Member of the Wisconsin State Assembly from the Racine 3rd district
- In office January 2, 1961 – January 1, 1973
- Preceded by: John R. Hansen
- Succeeded by: District abolished

Personal details
- Born: April 24, 1911 Norway, Wisconsin, U.S.
- Died: August 30, 1999 (aged 88) Burlington Memorial Hospital, Burlington, Wisconsin, U.S.
- Resting place: Norway Cemetery, Norway, Wisconsin
- Party: Republican
- Spouse: Lucille Anna Hanson ​ ​(m. 1944; died 1998)​
- Children: 1
- Relatives: Lynn E. Stalbaum (brother)

= Merrill E. Stalbaum =

20th century American politician

Merrill Emmet Stalbaum (April 24, 1911 – August 30, 1999) was an American farmer, surveyor, and Republican politician from Racine County, Wisconsin. He served six terms in the Wisconsin State Assembly, representing Racine County from 1961 to 1973. His younger brother, Lynn E. Stalbaum, was a Wisconsin state senator and served one term in the U.S. House of Representatives.

==Biography==
Merrill E. Stalbaum was born on his family's farm in the town of Norway, Wisconsin, in Racine County.
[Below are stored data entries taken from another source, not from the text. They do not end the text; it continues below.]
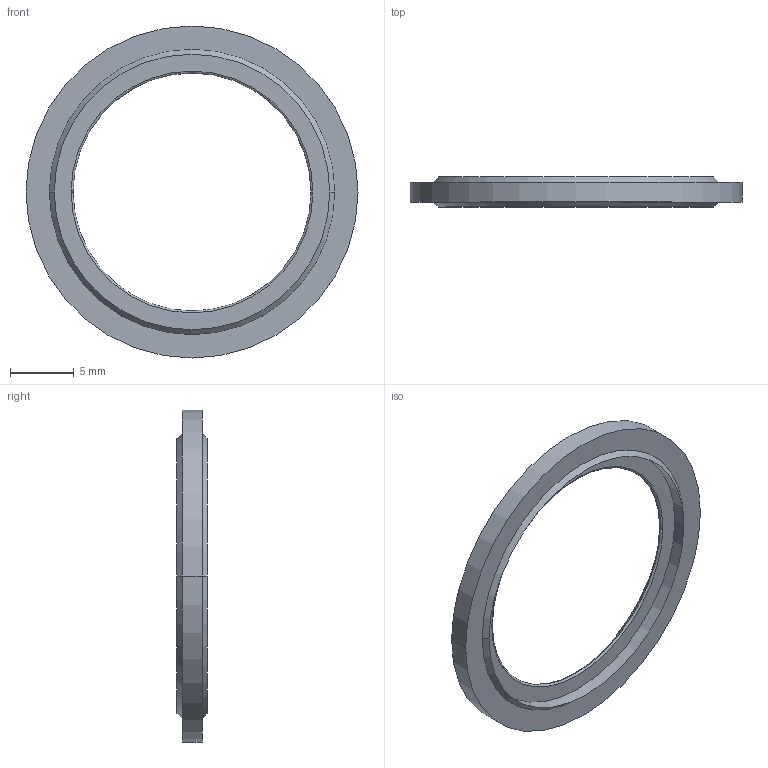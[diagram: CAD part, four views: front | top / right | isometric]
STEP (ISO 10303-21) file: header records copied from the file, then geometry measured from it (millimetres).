
FILE_DESCRIPTION(('STEP AP214'),'1');
FILE_NAME('0139_21_00.stp','2016-07-07T14:22:37',('TraceParts'),('TraceParts S.A.'),'Spatial InterOp 3D',' ',' ');
FILE_SCHEMA(('automotive_design'));
Length unit declared in the file: millimetre
Products named in the file (2): 0139-21-00_ASM|Next assembly relationship#BAGUE-ACIER-1-2;BAGUE-ACIER-1-2; 0139-21-00_ASM|Next assembly relationship#BAGUE-NITRILE-1-2;BAGUE-NITRILE-1-2
Bounding box: 25.95 x 2.35 x 25.95 mm (x, y, z)
Volume: 292.6 mm3; surface area: 1030.3 mm2
Topology: 2 solids, 2 shells, 26 faces, 54 edges, 32 vertices
Faces by surface type: cylinder 10, torus 8, plane 4, cone 4
Entity records: 740 total; most frequent: DIRECTION 150, CARTESIAN_POINT 114, ORIENTED_EDGE 108, AXIS2_PLACEMENT_3D 68, EDGE_CURVE 54, CIRCLE 40, VERTEX_POINT 32, EDGE_LOOP 30
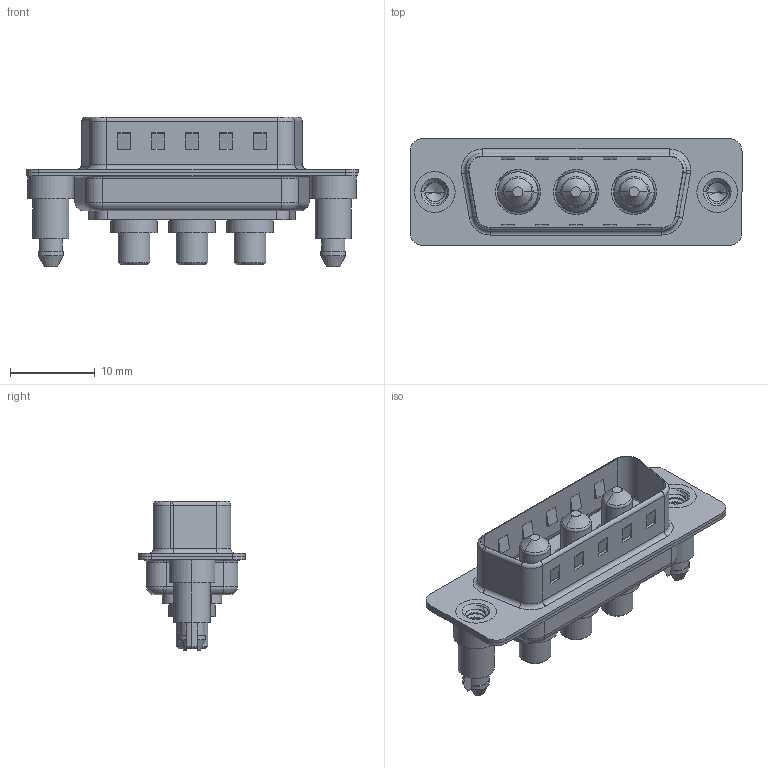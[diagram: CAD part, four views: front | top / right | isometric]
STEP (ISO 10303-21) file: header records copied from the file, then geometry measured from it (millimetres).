
FILE_DESCRIPTION (( 'STEP AP203' ), '1' );
FILE_NAME ('627-3W3-624-4N5.STEP', '2019-05-24T18:10:53', ( '' ), ( '' ), 'SwSTEP 2.0', 'SolidWorks 2016', '' );
FILE_SCHEMA (( 'CONFIG_CONTROL_DESIGN' ));
Length unit declared in the file: millimetre
Products named in the file (6): 627-3W3-624-4N5; 627Combo Housing_3W3; 627Combo Shell Rear_15 Contacts; 627Combo Shell Front_15 Contacts; 627Combo Threaded Boardlock_5; Power Pin_40A S
Assembly tree (8 placements, depth 2):
  627-3W3-624-4N5
    627Combo Housing_3W3
    627Combo Shell Rear_15 Contacts
    627Combo Shell Front_15 Contacts
    627Combo Threaded Boardlock_5  x2
    Power Pin_40A S  x3
Bounding box: 39.15 x 12.6 x 17.6 mm (x, y, z)
Volume: 2238.3 mm3; surface area: 5072.4 mm2
Topology: 11 solids, 11 shells, 510 faces, 1244 edges, 780 vertices
Faces by surface type: cylinder 222, plane 185, torus 56, cone 35, bspline 12
Entity records: 13729 total; most frequent: CARTESIAN_POINT 3757, DIRECTION 2004, ORIENTED_EDGE 1894, EDGE_CURVE 947, AXIS2_PLACEMENT_3D 745, VERTEX_POINT 597, VECTOR 514, LINE 514
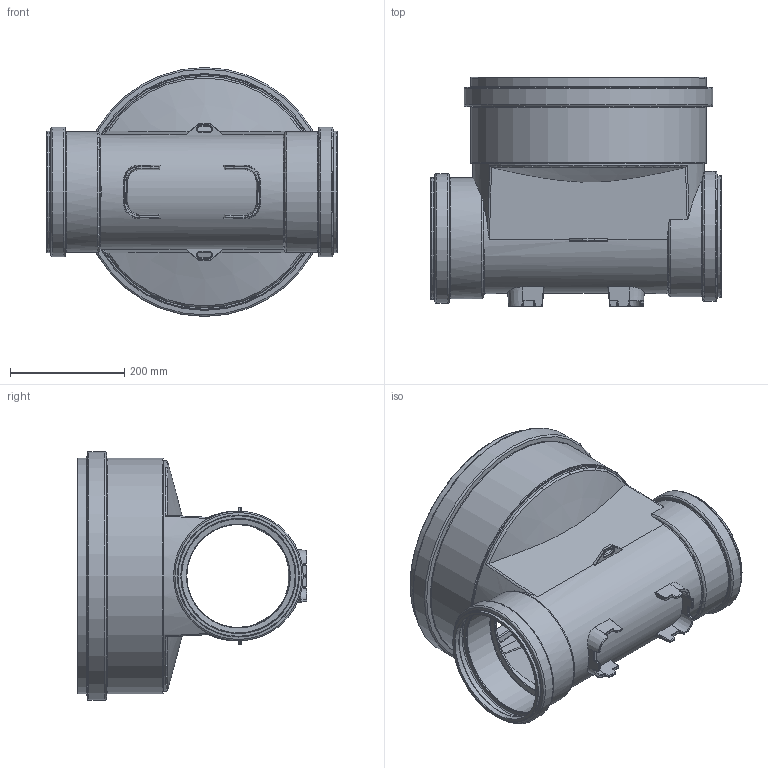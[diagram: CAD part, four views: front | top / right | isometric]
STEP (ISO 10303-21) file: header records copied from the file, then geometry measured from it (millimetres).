
FILE_DESCRIPTION(/* description */ (''),/* implementation_level */ '2;1');
FILE_NAME(/* name */ '660040z.stp',/* time_stamp */ '2023-06-30T11:33:04+02:00',/* author */ ('corinna'),/* organization */ (''),/* preprocessor_version */ 'ST-DEVELOPER v18',/* originating_system */ 'Autodesk Inventor 2020',/* authorisation */ '');
FILE_SCHEMA (('AUTOMOTIVE_DESIGN { 1 0 10303 214 3 1 1 }'));
Length unit declared in the file: millimetre
Products named in the file (1): 660040
Bounding box: 508.7 x 401.5 x 436.1 mm (x, y, z)
Volume: 3554445.7 mm3; surface area: 1249715.3 mm2
Topology: 1 solids, 1 shells, 411 faces, 1137 edges, 734 vertices
Faces by surface type: cylinder 131, bspline 107, plane 84, torus 60, cone 29
Full cylindrical faces by diameter (mm): 180.5 x1, 187.5 x1, 200.6 x1, 200.7 x1, 200.9 x3, 201 x1, 212 x1, 212.3 x2, 215.935 x1, 216.3 x1, 227.335 x1, 227.7 x1, 404 x2, 404.9 x1, 413 x2, 427.1 x1, 436.1 x1
Entity records: 16799 total; most frequent: CARTESIAN_POINT 6399, ORIENTED_EDGE 2274, DIRECTION 2163, EDGE_CURVE 1137, AXIS2_PLACEMENT_3D 920, VERTEX_POINT 734, CIRCLE 477, EDGE_LOOP 425
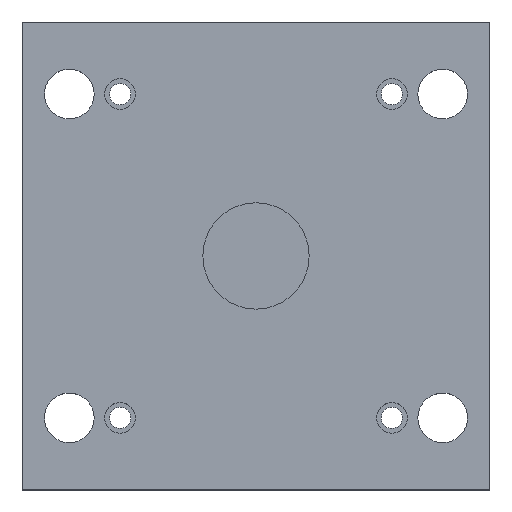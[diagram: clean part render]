
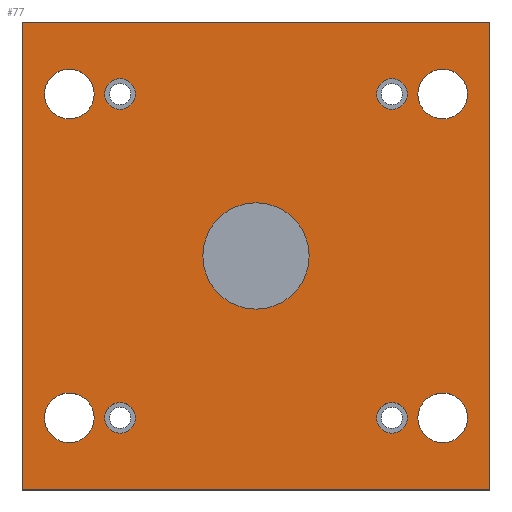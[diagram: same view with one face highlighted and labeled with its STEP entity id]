
A CAD part, top view. The second image highlights one B-rep face of the part: STEP entity #77.
In plain terms, the highlighted planar face has unit normal (0, 0, 1).
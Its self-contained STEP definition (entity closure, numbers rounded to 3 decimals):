
#77 = ADVANCED_FACE( '', ( #103, #104, #105, #106, #107, #108, #109, #110, #111, #112 ), #113, .T. );
#103 = FACE_OUTER_BOUND( '', #185, .T. );
#104 = FACE_BOUND( '', #186, .T. );
#105 = FACE_BOUND( '', #187, .T. );
#106 = FACE_BOUND( '', #188, .T. );
#107 = FACE_BOUND( '', #189, .T. );
#108 = FACE_BOUND( '', #190, .T. );
#109 = FACE_BOUND( '', #191, .T. );
#110 = FACE_BOUND( '', #192, .T. );
#111 = FACE_BOUND( '', #193, .T. );
#112 = FACE_BOUND( '', #194, .T. );
#113 = PLANE( '', #195 );
#185 = EDGE_LOOP( '', ( #267, #268, #269, #270 ) );
#186 = EDGE_LOOP( '', ( #271 ) );
#187 = EDGE_LOOP( '', ( #272 ) );
#188 = EDGE_LOOP( '', ( #273 ) );
#189 = EDGE_LOOP( '', ( #274 ) );
#190 = EDGE_LOOP( '', ( #275 ) );
#191 = EDGE_LOOP( '', ( #276 ) );
#192 = EDGE_LOOP( '', ( #277 ) );
#193 = EDGE_LOOP( '', ( #278 ) );
#194 = EDGE_LOOP( '', ( #279 ) );
#195 = AXIS2_PLACEMENT_3D( '', #280, #281, #282 );
#267 = ORIENTED_EDGE( '', *, *, #415, .T. );
#268 = ORIENTED_EDGE( '', *, *, #416, .T. );
#269 = ORIENTED_EDGE( '', *, *, #417, .T. );
#270 = ORIENTED_EDGE( '', *, *, #418, .T. );
#271 = ORIENTED_EDGE( '', *, *, #419, .T. );
#272 = ORIENTED_EDGE( '', *, *, #420, .T. );
#273 = ORIENTED_EDGE( '', *, *, #421, .T. );
#274 = ORIENTED_EDGE( '', *, *, #422, .T. );
#275 = ORIENTED_EDGE( '', *, *, #423, .F. );
#276 = ORIENTED_EDGE( '', *, *, #424, .F. );
#277 = ORIENTED_EDGE( '', *, *, #425, .F. );
#278 = ORIENTED_EDGE( '', *, *, #426, .F. );
#279 = ORIENTED_EDGE( '', *, *, #427, .T. );
#280 = CARTESIAN_POINT( '', ( -198., 198., 27. ) );
#281 = DIRECTION( '', ( 0., 0., 1. ) );
#282 = DIRECTION( '', ( 1., 0., 0. ) );
#415 = EDGE_CURVE( '', #453, #454, #455, .T. );
#416 = EDGE_CURVE( '', #454, #456, #457, .T. );
#417 = EDGE_CURVE( '', #456, #458, #459, .T. );
#418 = EDGE_CURVE( '', #458, #453, #460, .T. );
#419 = EDGE_CURVE( '', #461, #461, #462, .T. );
#420 = EDGE_CURVE( '', #463, #463, #464, .T. );
#421 = EDGE_CURVE( '', #465, #465, #466, .T. );
#422 = EDGE_CURVE( '', #467, #467, #468, .T. );
#423 = EDGE_CURVE( '', #469, #469, #470, .T. );
#424 = EDGE_CURVE( '', #471, #471, #472, .T. );
#425 = EDGE_CURVE( '', #473, #473, #474, .T. );
#426 = EDGE_CURVE( '', #475, #475, #476, .T. );
#427 = EDGE_CURVE( '', #477, #477, #478, .T. );
#453 = VERTEX_POINT( '', #525 );
#454 = VERTEX_POINT( '', #526 );
#455 = LINE( '', #527, #528 );
#456 = VERTEX_POINT( '', #529 );
#457 = LINE( '', #530, #531 );
#458 = VERTEX_POINT( '', #532 );
#459 = LINE( '', #533, #534 );
#460 = LINE( '', #535, #536 );
#461 = VERTEX_POINT( '', #537 );
#462 = CIRCLE( '', #538, 13. );
#463 = VERTEX_POINT( '', #539 );
#464 = CIRCLE( '', #540, 13. );
#465 = VERTEX_POINT( '', #541 );
#466 = CIRCLE( '', #542, 13. );
#467 = VERTEX_POINT( '', #543 );
#468 = CIRCLE( '', #544, 13. );
#469 = VERTEX_POINT( '', #545 );
#470 = CIRCLE( '', #546, 21. );
#471 = VERTEX_POINT( '', #547 );
#472 = CIRCLE( '', #548, 21. );
#473 = VERTEX_POINT( '', #549 );
#474 = CIRCLE( '', #550, 21. );
#475 = VERTEX_POINT( '', #551 );
#476 = CIRCLE( '', #552, 21. );
#477 = VERTEX_POINT( '', #553 );
#478 = CIRCLE( '', #554, 45. );
#525 = CARTESIAN_POINT( '', ( 198., 198., 27. ) );
#526 = CARTESIAN_POINT( '', ( -198., 198., 27. ) );
#527 = CARTESIAN_POINT( '', ( 198., 198., 27. ) );
#528 = VECTOR( '', #609, 1000. );
#529 = CARTESIAN_POINT( '', ( -198., -198., 27. ) );
#530 = CARTESIAN_POINT( '', ( -198., 198., 27. ) );
#531 = VECTOR( '', #610, 1000. );
#532 = CARTESIAN_POINT( '', ( 198., -198., 27. ) );
#533 = CARTESIAN_POINT( '', ( -198., -198., 27. ) );
#534 = VECTOR( '', #611, 1000. );
#535 = CARTESIAN_POINT( '', ( 198., -198., 27. ) );
#536 = VECTOR( '', #612, 1000. );
#537 = CARTESIAN_POINT( '', ( -115., -150., 27. ) );
#538 = AXIS2_PLACEMENT_3D( '', #613, #614, #615 );
#539 = CARTESIAN_POINT( '', ( 115., -150., 27. ) );
#540 = AXIS2_PLACEMENT_3D( '', #616, #617, #618 );
#541 = CARTESIAN_POINT( '', ( 115., 124., 27. ) );
#542 = AXIS2_PLACEMENT_3D( '', #619, #620, #621 );
#543 = CARTESIAN_POINT( '', ( -115., 124., 27. ) );
#544 = AXIS2_PLACEMENT_3D( '', #622, #623, #624 );
#545 = CARTESIAN_POINT( '', ( -137., 137., 27. ) );
#546 = AXIS2_PLACEMENT_3D( '', #625, #626, #627 );
#547 = CARTESIAN_POINT( '', ( 179., 137., 27. ) );
#548 = AXIS2_PLACEMENT_3D( '', #628, #629, #630 );
#549 = CARTESIAN_POINT( '', ( -137., -137., 27. ) );
#550 = AXIS2_PLACEMENT_3D( '', #631, #632, #633 );
#551 = CARTESIAN_POINT( '', ( 179., -137., 27. ) );
#552 = AXIS2_PLACEMENT_3D( '', #634, #635, #636 );
#553 = CARTESIAN_POINT( '', ( 0., 45., 27. ) );
#554 = AXIS2_PLACEMENT_3D( '', #637, #638, #639 );
#609 = DIRECTION( '', ( -1., 0., 0. ) );
#610 = DIRECTION( '', ( 0., -1., 0. ) );
#611 = DIRECTION( '', ( 1., 0., 0. ) );
#612 = DIRECTION( '', ( 0., 1., 0. ) );
#613 = CARTESIAN_POINT( '', ( -115., -137., 27. ) );
#614 = DIRECTION( '', ( 0., 0., -1. ) );
#615 = DIRECTION( '', ( 0., -1., 0. ) );
#616 = CARTESIAN_POINT( '', ( 115., -137., 27. ) );
#617 = DIRECTION( '', ( 0., 0., -1. ) );
#618 = DIRECTION( '', ( 0., -1., 0. ) );
#619 = CARTESIAN_POINT( '', ( 115., 137., 27. ) );
#620 = DIRECTION( '', ( 0., 0., -1. ) );
#621 = DIRECTION( '', ( 0., -1., 0. ) );
#622 = CARTESIAN_POINT( '', ( -115., 137., 27. ) );
#623 = DIRECTION( '', ( 0., 0., -1. ) );
#624 = DIRECTION( '', ( 0., -1., 0. ) );
#625 = CARTESIAN_POINT( '', ( -158., 137., 27. ) );
#626 = DIRECTION( '', ( 0., 0., 1. ) );
#627 = DIRECTION( '', ( 1., 0., 0. ) );
#628 = CARTESIAN_POINT( '', ( 158., 137., 27. ) );
#629 = DIRECTION( '', ( 0., 0., 1. ) );
#630 = DIRECTION( '', ( 1., 0., 0. ) );
#631 = CARTESIAN_POINT( '', ( -158., -137., 27. ) );
#632 = DIRECTION( '', ( 0., 0., 1. ) );
#633 = DIRECTION( '', ( 1., 0., 0. ) );
#634 = CARTESIAN_POINT( '', ( 158., -137., 27. ) );
#635 = DIRECTION( '', ( 0., 0., 1. ) );
#636 = DIRECTION( '', ( 1., 0., 0. ) );
#637 = CARTESIAN_POINT( '', ( 0., 0., 27. ) );
#638 = DIRECTION( '', ( 0., 0., -1. ) );
#639 = DIRECTION( '', ( 0., 1., 0. ) );
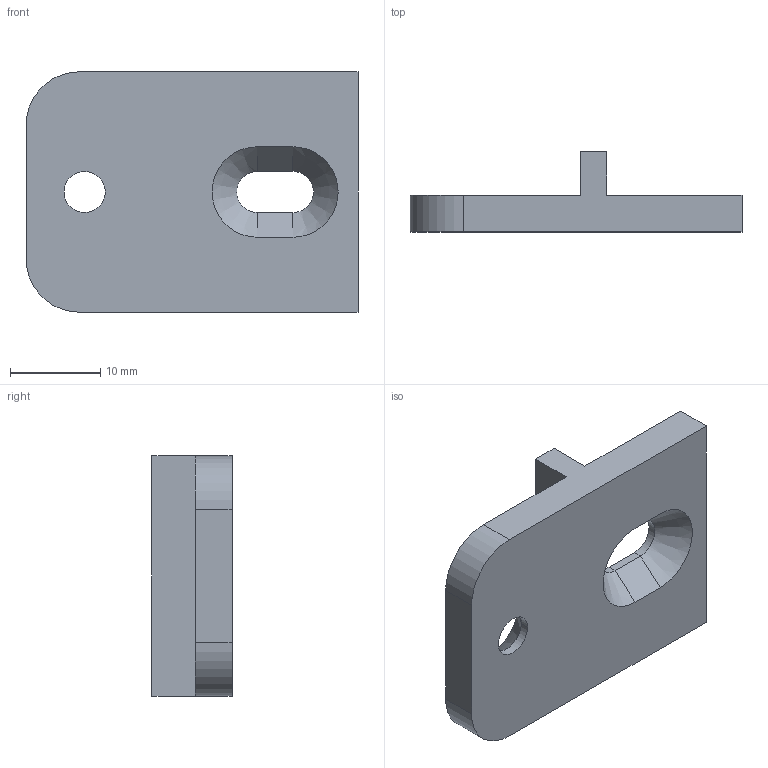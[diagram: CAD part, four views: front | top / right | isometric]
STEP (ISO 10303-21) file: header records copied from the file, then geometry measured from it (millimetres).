
FILE_DESCRIPTION((''),'2;1');
FILE_NAME('151186_SW','2011-10-06T',('banengservice'),('BANNER ENGINEERING'),'PRO/ENGINEER BY PARAMETRIC TECHNOLOGY CORPORATION, 2009141','PRO/ENGINEER BY PARAMETRIC TECHNOLOGY CORPORATION, 2009141','');
FILE_SCHEMA(('CONFIG_CONTROL_DESIGN'));
Length unit declared in the file: inch
Products named in the file (1): 151186_SW
Bounding box: 36.83 x 8.89 x 26.67 mm (x, y, z)
Volume: 3897.4 mm3; surface area: 2724.1 mm2
Topology: 1 solids, 1 shells, 24 faces, 60 edges, 38 vertices
Faces by surface type: plane 14, cylinder 6, cone 4
Entity records: 760 total; most frequent: DIRECTION 124, CARTESIAN_POINT 122, ORIENTED_EDGE 120, EDGE_CURVE 60, VECTOR 44, LINE 44, AXIS2_PLACEMENT_3D 40, VERTEX_POINT 38
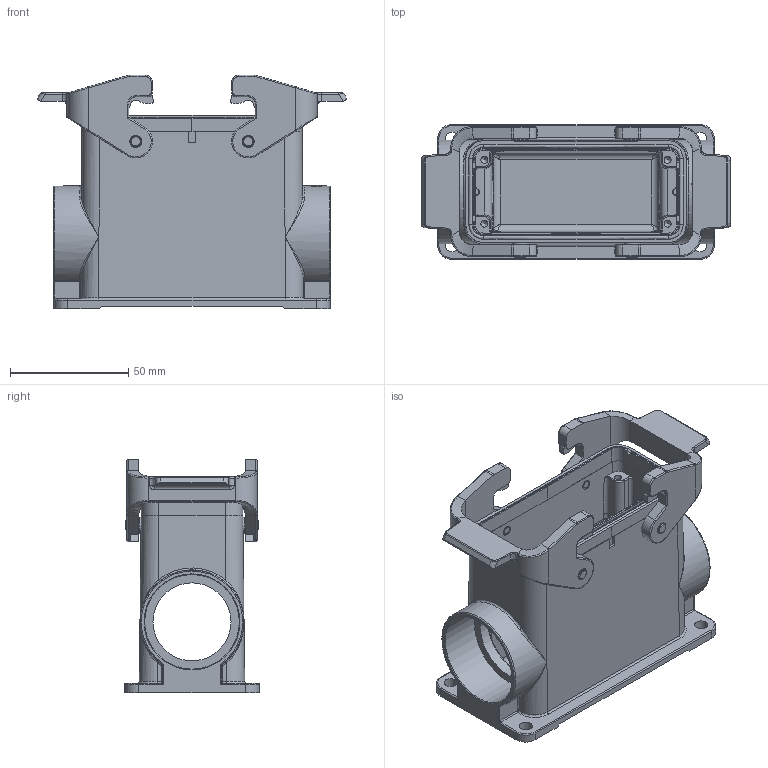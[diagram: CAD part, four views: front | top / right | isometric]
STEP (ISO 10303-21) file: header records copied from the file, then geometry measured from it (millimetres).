
FILE_DESCRIPTION(/* description */ (''),/* implementation_level */ '2;1');
FILE_NAME(/* name */ '100095413ugm000_d.stp',/* time_stamp */ '2017-11-03T10:38:05+01:00',/* author */ (''),/* organization */ (''),/* preprocessor_version */ 'ST-DEVELOPER v16',/* originating_system */ 'SIEMENS PLM Software NX 10.0',/* authorisation */ '');
FILE_SCHEMA (('AUTOMOTIVE_DESIGN { 1 0 10303 214 3 1 1 1 }'));
Length unit declared in the file: millimetre
Products named in the file (1): 100095413ugm000_d
Bounding box: 130.9 x 57 x 98.8 mm (x, y, z)
Volume: 140140.5 mm3; surface area: 70334.9 mm2
Topology: 7 solids, 7 shells, 778 faces, 2016 edges, 1267 vertices
Faces by surface type: plane 283, cylinder 281, bspline 166, torus 26, cone 22
Full cylindrical faces by diameter (mm): 0.77 x1, 2.95 x4, 3 x4, 4 x4, 4.8 x4, 5.1 x4, 5.6 x4, 7 x4, 33 x2, 40 x2
Entity records: 34580 total; most frequent: CARTESIAN_POINT 13182, ORIENTED_EDGE 3744, DIRECTION 3323, EDGE_CURVE 1872, AXIS2_PLACEMENT_3D 1209, VERTEX_POINT 1200, LINE 905, VECTOR 905

He lived nearly his entire life in the town of Norway, attending the Hill Crest primary school, the Rochester Agricultural School, and then graduating from Waterford High School. He worked on his family farm and also trained as a land surveyor.

In 1937, he was elected clerk of the town of Norway, and was retained in that office for the next 30 years. He was also appointed to the County School Committee by the County Board, and served on that body from 1948 to 1960, during a significant reorganization of the Racine County school districts. During these years he was also active in a number of community organizations, including a local farm insurance company and the Agricultural Stabilization and Conservation Committee.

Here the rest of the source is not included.